Re: limiting collected query text length in pg_stat_statements

From: Julien Rouhaud <rjuju123(at)gmail(dot)com>
To: "Godfrin, Philippe E" <Philippe(dot)Godfrin(at)nov(dot)com>
Cc: "pgsql-hackers(at)lists(dot)postgresql(dot)org" <pgsql-hackers(at)lists(dot)postgresql(dot)org>
Subject: Re: limiting collected query text length in pg_stat_statements
Date: 2022-05-02 13:57:45
Message-ID: 20220502135745.ms2omopxqgs5p56p@jrouhaud
Views: Raw Message | Whole Thread | Download mbox | Resend email
Thread:
Lists: pgsql-hackers

Hi,

On Mon, May 02, 2022 at 12:45:28PM +0000, Godfrin, Philippe E wrote:
> Greetings,
>
> I want to limit the query text that gets captured in pg_stat_statements. We
> have sql statements with thousands of values clauses (upwards of 10,000) that
> run at a 1 second interval. When just a handful are running plus 2 or 3 loads
> using the same technique (10,000 entry values clauses) querying the
> pg_stat_statements table gets bogged down (see below). With the
> pg_stat_statements.max is set to 1000 statements just querying the table
> stats table seems to impact the running statements! I have temporarily staved
> off the issue by reducing the max to 250 statements, and I have made
> recommendations to the development team to cut down the number of values
> clauses. However, it seems to me that the ability to truncate the captured
> query would be a useful feature.

The store queries are normalized so the values themselves won't be stored, only
a "?" per value. And as long as all the queries have the same number of values
there should be a single entry stored for the same role and database, so all in
all it should limit the size of the stored query texts.

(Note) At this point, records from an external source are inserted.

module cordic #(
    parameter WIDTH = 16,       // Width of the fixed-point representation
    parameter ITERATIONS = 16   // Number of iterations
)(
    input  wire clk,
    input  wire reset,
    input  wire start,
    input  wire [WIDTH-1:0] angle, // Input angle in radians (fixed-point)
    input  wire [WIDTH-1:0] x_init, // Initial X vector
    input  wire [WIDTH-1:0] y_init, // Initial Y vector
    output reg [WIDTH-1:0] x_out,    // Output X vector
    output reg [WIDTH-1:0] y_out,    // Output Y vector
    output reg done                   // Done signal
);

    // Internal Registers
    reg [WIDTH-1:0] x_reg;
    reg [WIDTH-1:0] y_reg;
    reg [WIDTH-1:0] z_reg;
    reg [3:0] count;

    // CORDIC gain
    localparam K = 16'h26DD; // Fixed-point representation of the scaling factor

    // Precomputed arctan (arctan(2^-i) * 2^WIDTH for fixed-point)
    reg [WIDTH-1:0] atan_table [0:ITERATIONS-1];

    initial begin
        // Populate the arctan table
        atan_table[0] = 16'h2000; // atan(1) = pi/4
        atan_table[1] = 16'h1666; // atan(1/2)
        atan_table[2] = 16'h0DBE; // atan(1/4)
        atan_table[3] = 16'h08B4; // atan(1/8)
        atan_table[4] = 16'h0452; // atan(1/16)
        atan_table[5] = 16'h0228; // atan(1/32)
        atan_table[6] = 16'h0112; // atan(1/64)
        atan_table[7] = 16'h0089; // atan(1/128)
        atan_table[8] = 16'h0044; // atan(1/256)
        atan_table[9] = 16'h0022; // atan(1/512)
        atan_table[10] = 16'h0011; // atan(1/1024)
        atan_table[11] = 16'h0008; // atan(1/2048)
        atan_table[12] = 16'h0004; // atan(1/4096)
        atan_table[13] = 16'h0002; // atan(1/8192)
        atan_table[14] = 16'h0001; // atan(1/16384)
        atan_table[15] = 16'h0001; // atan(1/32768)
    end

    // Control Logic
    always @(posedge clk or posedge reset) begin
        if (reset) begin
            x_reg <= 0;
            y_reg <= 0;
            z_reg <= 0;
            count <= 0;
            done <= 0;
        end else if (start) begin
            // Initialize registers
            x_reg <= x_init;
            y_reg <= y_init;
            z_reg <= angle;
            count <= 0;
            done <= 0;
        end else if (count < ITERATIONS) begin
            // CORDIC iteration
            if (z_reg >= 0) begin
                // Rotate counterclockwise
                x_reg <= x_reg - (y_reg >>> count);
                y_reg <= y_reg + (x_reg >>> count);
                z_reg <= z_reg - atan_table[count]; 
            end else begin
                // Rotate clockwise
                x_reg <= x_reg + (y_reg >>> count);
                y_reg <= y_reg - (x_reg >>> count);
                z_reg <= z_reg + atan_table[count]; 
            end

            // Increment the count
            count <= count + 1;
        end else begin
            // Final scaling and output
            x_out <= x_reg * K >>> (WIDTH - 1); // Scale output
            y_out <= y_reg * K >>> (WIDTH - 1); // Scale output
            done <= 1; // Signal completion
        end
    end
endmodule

On the other hand, with such a low pg_stat_statements.max, you may have a lot
of entry evictions, which tends to bloat the external query file
($PGDATA/pg_stat_tmp/pgss_query_texts.stat). Did you check how big it is and
if yes how fast it grows? I've once seen the file being more than 1GB without
any reason why, which was obviously slowing everything down. A simple call to
pg_stat_statements_reset() fixed the problem, at least as far as I know as I
never had access to the server and never had any news after that.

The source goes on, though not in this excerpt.